Tally the lines below that contain the word "first". Only the number should be returned.
########################################
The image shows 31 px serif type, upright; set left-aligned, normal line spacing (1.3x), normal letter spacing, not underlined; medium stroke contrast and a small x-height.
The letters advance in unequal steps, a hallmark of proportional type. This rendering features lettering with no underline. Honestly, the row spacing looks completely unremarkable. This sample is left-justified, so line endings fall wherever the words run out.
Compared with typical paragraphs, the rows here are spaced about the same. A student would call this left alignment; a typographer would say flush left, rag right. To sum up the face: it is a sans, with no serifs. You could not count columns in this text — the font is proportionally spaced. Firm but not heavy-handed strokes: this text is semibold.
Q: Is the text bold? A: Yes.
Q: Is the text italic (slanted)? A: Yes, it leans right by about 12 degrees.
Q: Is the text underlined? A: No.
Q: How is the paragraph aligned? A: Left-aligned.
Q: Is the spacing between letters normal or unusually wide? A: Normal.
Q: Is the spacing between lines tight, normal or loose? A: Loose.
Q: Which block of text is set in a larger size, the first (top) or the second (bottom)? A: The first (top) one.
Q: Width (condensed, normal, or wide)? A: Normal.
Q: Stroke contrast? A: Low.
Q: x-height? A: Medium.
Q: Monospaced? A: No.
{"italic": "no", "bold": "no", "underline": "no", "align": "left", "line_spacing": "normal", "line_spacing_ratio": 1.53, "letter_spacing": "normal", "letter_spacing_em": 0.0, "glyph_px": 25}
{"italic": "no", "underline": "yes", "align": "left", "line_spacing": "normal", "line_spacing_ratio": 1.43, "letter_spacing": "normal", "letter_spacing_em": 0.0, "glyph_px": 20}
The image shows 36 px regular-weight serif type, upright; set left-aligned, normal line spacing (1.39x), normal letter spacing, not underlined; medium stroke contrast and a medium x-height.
########################################
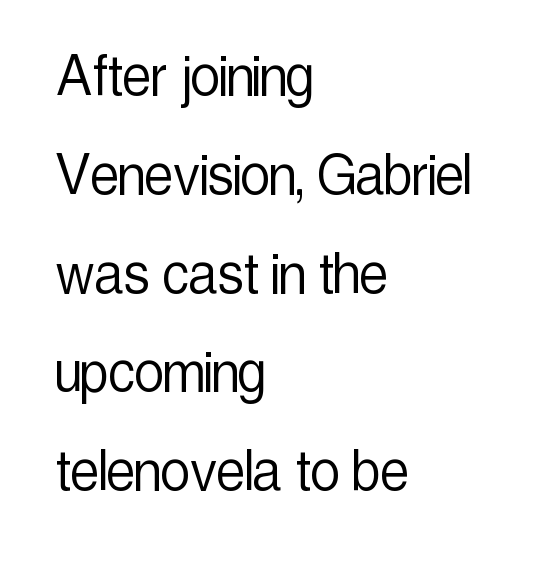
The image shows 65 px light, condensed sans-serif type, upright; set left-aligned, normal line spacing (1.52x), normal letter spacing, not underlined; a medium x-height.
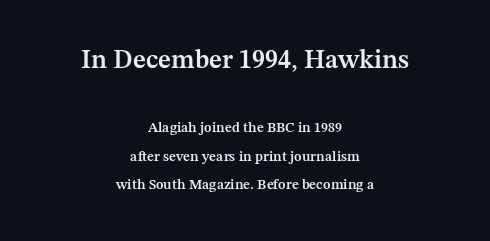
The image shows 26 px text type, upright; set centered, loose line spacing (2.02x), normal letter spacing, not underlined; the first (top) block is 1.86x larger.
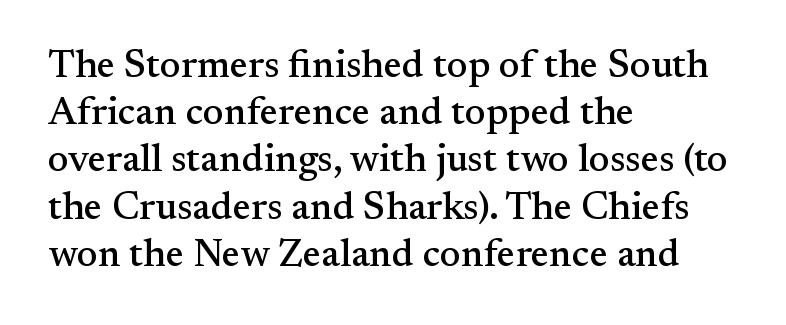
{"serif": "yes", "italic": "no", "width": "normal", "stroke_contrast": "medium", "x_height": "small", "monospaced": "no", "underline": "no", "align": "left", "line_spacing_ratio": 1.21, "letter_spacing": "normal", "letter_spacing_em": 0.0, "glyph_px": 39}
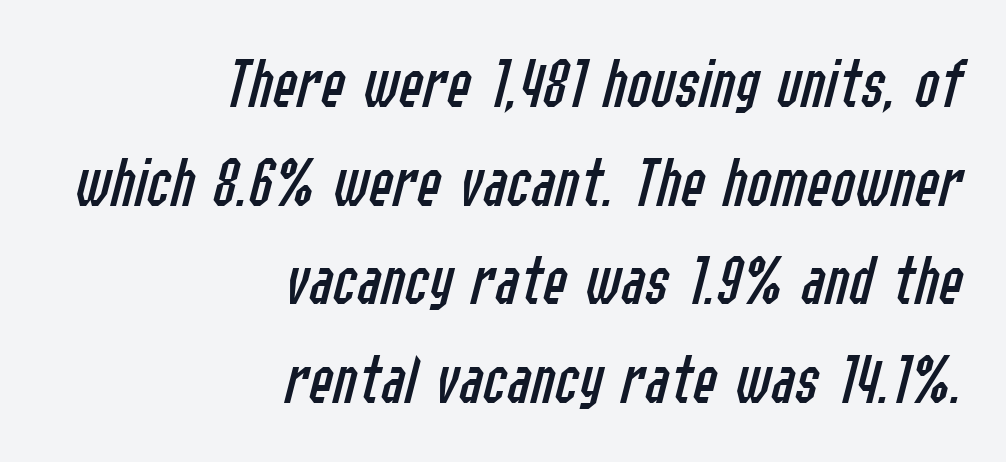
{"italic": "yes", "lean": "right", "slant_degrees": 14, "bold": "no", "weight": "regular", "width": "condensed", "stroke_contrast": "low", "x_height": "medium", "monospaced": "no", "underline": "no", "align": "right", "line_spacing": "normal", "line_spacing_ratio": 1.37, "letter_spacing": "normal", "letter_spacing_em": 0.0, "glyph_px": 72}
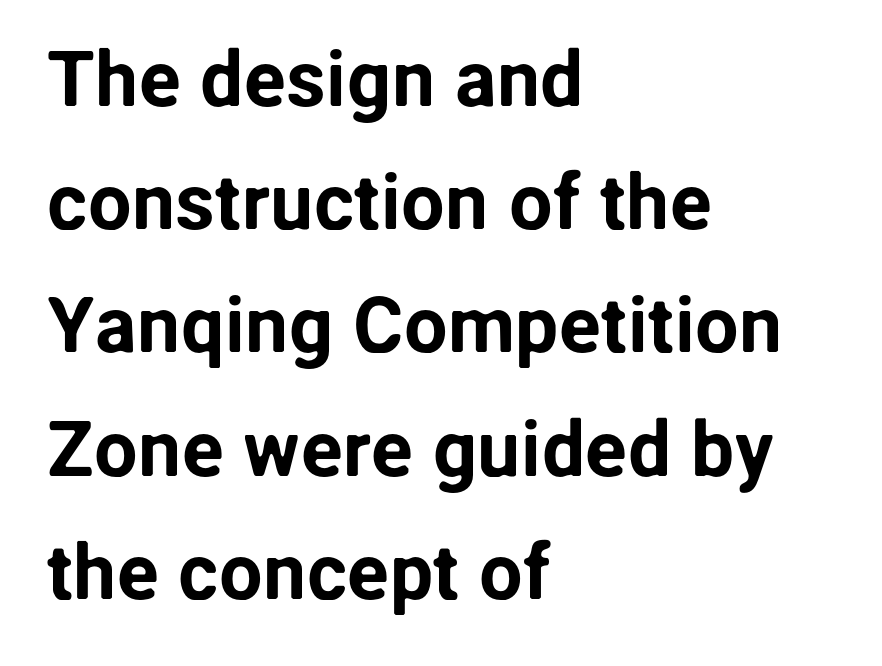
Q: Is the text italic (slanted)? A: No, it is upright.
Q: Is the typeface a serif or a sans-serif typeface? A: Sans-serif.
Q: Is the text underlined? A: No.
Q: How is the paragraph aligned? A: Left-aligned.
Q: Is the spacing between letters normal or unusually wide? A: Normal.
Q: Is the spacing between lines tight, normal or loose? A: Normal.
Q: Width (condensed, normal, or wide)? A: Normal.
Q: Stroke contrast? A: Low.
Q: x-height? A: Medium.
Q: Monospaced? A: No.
########################################
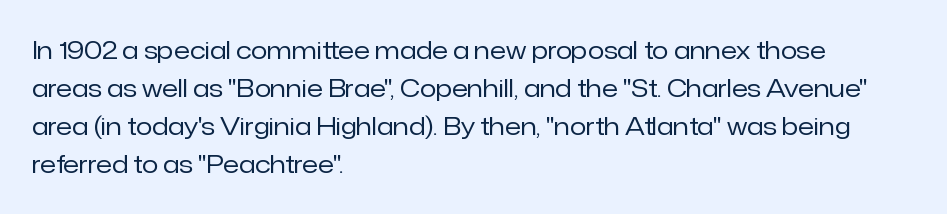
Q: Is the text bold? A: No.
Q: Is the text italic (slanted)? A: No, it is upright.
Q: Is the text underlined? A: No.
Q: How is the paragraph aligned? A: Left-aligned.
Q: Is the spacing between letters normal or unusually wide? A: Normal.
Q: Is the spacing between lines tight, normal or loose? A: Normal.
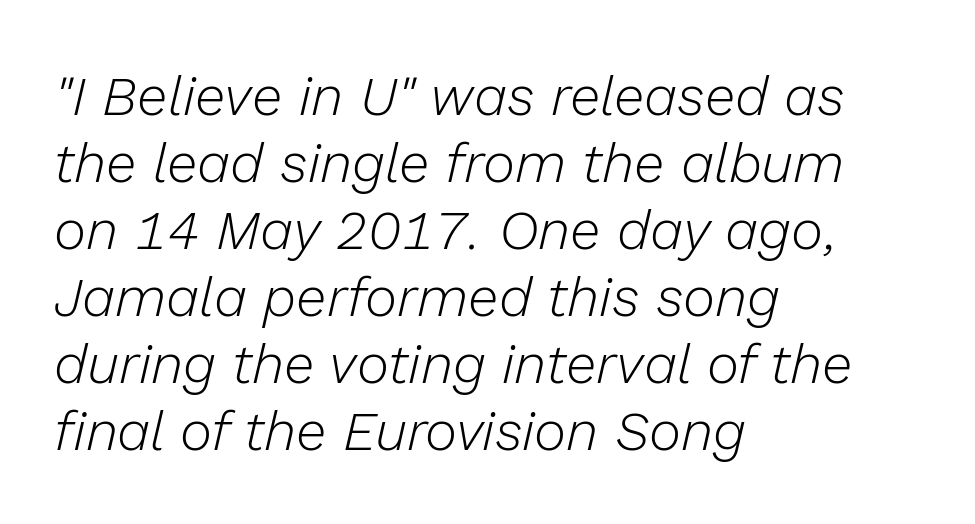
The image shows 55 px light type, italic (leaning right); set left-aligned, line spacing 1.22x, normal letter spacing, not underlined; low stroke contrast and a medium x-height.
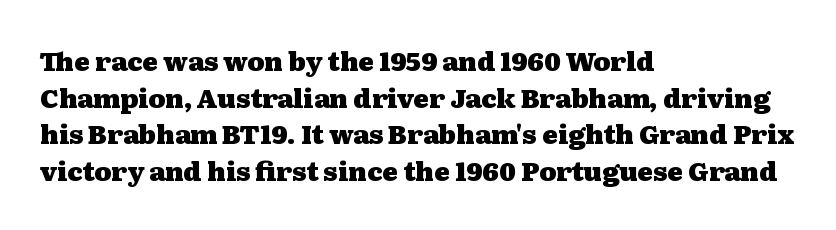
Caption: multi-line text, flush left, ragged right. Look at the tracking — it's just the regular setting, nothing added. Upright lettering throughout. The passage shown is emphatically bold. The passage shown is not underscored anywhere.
########################################
# Response to this task
2